Handling Concurrent Users

FastAPI handles concurrency naturally with async, but you need to ensure agent state is isolated per request. Never share mutable agent state across requests.

from contextlib import asynccontextmanager
import asyncio

# Rate limiting per user
user_semaphores: dict[str, asyncio.Semaphore] = {}

def get_user_semaphore(user_id: str, max_concurrent: int = 3) -> asyncio.Semaphore:
    if user_id not in user_semaphores:
        user_semaphores[user_id] = asyncio.Semaphore(max_concurrent)
    return user_semaphores[user_id]

@app.post("/chat/limited")
async def chat_with_limit(request: ChatRequest):
    semaphore = get_user_semaphore(request.user_id)

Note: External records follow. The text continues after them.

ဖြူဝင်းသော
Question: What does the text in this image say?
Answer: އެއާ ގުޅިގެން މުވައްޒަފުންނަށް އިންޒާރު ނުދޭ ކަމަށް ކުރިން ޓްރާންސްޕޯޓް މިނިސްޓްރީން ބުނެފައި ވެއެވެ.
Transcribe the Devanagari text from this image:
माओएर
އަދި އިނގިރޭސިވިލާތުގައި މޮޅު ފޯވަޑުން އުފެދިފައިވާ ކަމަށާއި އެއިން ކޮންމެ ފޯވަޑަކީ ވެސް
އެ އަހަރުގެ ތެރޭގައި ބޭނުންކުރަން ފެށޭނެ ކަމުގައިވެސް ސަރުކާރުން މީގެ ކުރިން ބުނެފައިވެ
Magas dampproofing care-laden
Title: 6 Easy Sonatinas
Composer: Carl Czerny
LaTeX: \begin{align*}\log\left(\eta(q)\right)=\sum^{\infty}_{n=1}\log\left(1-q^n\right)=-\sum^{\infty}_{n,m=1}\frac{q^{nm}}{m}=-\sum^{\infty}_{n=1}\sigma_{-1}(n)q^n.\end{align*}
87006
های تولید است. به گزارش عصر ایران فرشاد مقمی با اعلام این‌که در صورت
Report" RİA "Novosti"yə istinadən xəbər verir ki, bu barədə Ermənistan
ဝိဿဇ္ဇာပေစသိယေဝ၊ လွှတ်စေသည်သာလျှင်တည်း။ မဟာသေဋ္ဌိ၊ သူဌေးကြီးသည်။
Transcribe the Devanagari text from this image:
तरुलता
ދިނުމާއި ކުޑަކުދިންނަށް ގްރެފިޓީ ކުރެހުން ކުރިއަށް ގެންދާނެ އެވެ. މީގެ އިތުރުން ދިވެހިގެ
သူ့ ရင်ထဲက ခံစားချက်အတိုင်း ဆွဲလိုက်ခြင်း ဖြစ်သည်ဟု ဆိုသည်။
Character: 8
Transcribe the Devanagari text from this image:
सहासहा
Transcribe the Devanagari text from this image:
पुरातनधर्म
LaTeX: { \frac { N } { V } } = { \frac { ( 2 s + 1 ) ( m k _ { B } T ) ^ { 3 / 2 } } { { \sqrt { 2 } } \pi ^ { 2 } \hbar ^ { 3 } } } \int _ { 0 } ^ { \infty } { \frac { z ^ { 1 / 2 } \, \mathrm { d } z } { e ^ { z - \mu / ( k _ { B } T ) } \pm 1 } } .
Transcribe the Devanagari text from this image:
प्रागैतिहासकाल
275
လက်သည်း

    if not semaphore._value:
        raise HTTPException(
            status_code=429,
            detail="Too many concurrent requests. Please wait.",
        )

    async with semaphore:
        result = await Runner.run(support_agent, input=request.message)
        return {"reply": result.final_output}

Startup and Shutdown Lifecycle

Use FastAPI's lifespan events to manage resources.

from contextlib import asynccontextmanager

@asynccontextmanager
async def lifespan(app: FastAPI):
    # Startup: validate agent configuration
    print("Agent API starting, validating agents...")
    test_result = await Runner.run(support_agent, input="ping")
    print(f"Agent validated: {test_result.last_agent.name}")
    yield
    # Shutdown: cleanup
    sessions.cleanup_expired()
    print("Agent API shutdown complete")

app = FastAPI(title="Agent API", lifespan=lifespan)

FAQ

How do I handle agent timeouts in a web server context?

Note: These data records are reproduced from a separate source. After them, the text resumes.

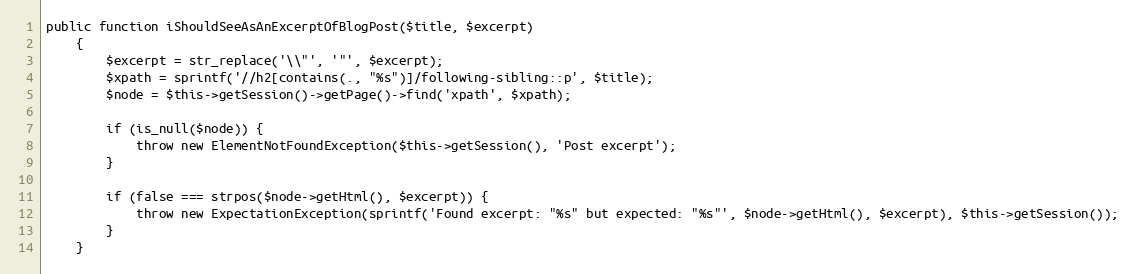
Language: PHP
public function iShouldSeeAsAnExcerptOfBlogPost($title, $excerpt)
    {
        $excerpt = str_replace('\\"', '"', $excerpt);
        $xpath = sprintf('//h2[contains(., "%s")]/following-sibling::p', $title);
        $node = $this->getSession()->getPage()->find('xpath', $xpath);

        if (is_null($node)) {
            throw new ElementNotFoundException($this->getSession(), 'Post excerpt');
        }

        if (false === strpos($node->getHtml(), $excerpt)) {
            throw new ExpectationException(sprintf('Found excerpt: "%s" but expected: "%s"', $node->getHtml(), $excerpt), $this->getSession());
        }
    }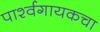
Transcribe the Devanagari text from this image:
पार्श्वगायकचा
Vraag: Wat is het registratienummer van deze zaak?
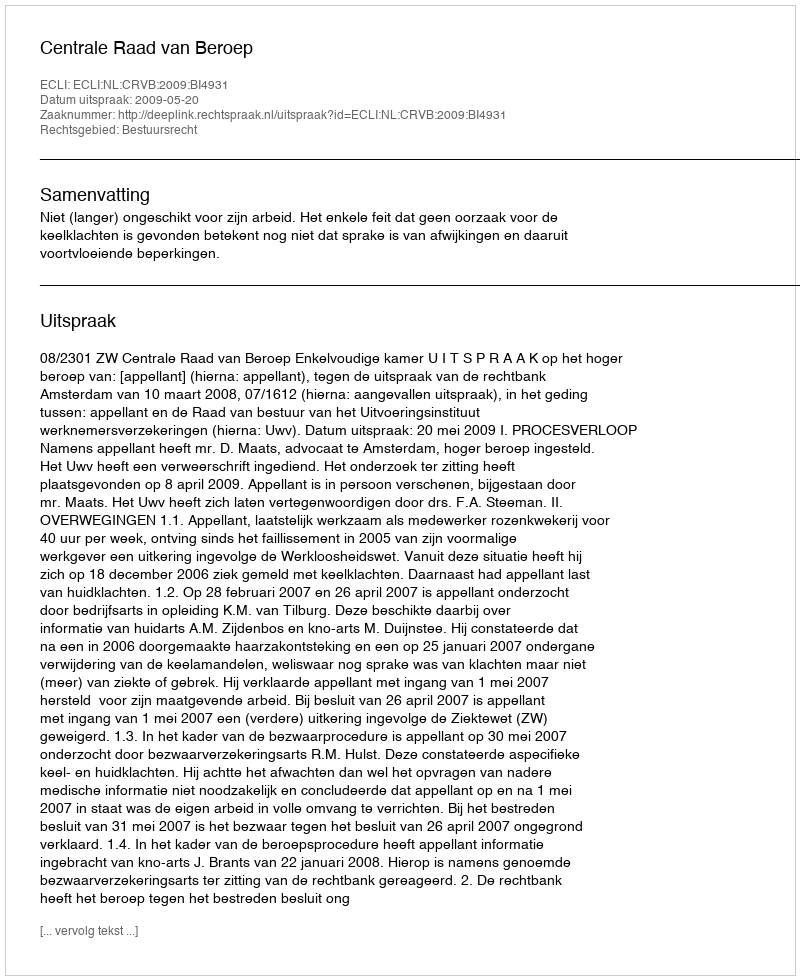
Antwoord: http://deeplink.rechtspraak.nl/uitspraak?id=ECLI:NL:CRVB:2009:BI4931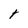
Character: t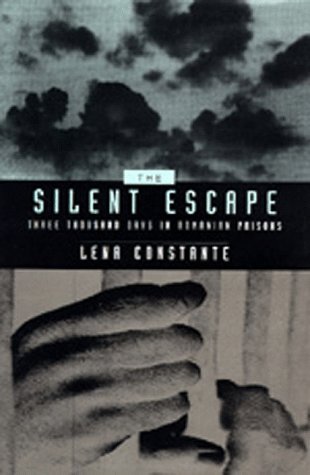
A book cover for The Silent Escape: Three Thousand Days in Romanian Prisons; Lena Constante; History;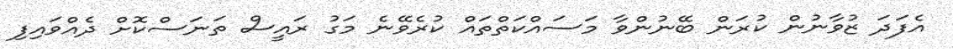
އެފަދަ ޒުވާނުން ކުރަން ބޭނުންވާ މަސައްކަތްތައް ކުރެވޭނެ މަގު ރައީސް ތަނަސްކޮށް ދެއްވައިފި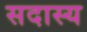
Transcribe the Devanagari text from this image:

Wrap your Runner.run call with asyncio.wait_for(Runner.run(...), timeout=30.0). This raises asyncio.TimeoutError after 30 seconds, which you catch and return as a 504 Gateway Timeout. Set the timeout based on your load balancer and client expectations.

Should I create a new Agent instance per request?

No. Agent instances are lightweight configuration objects — they hold instructions, tool definitions, and handoff lists. They do not store conversation state. Create agents once at module level and reuse them across requests. The Runner manages per-request state internally.

How do I scale this beyond a single server?

Move session storage from in-memory dictionaries to Redis. Use Redis as your session backend so any server instance can resume any conversation. Deploy multiple FastAPI instances behind a load balancer. The agents are stateless, so horizontal scaling is straightforward.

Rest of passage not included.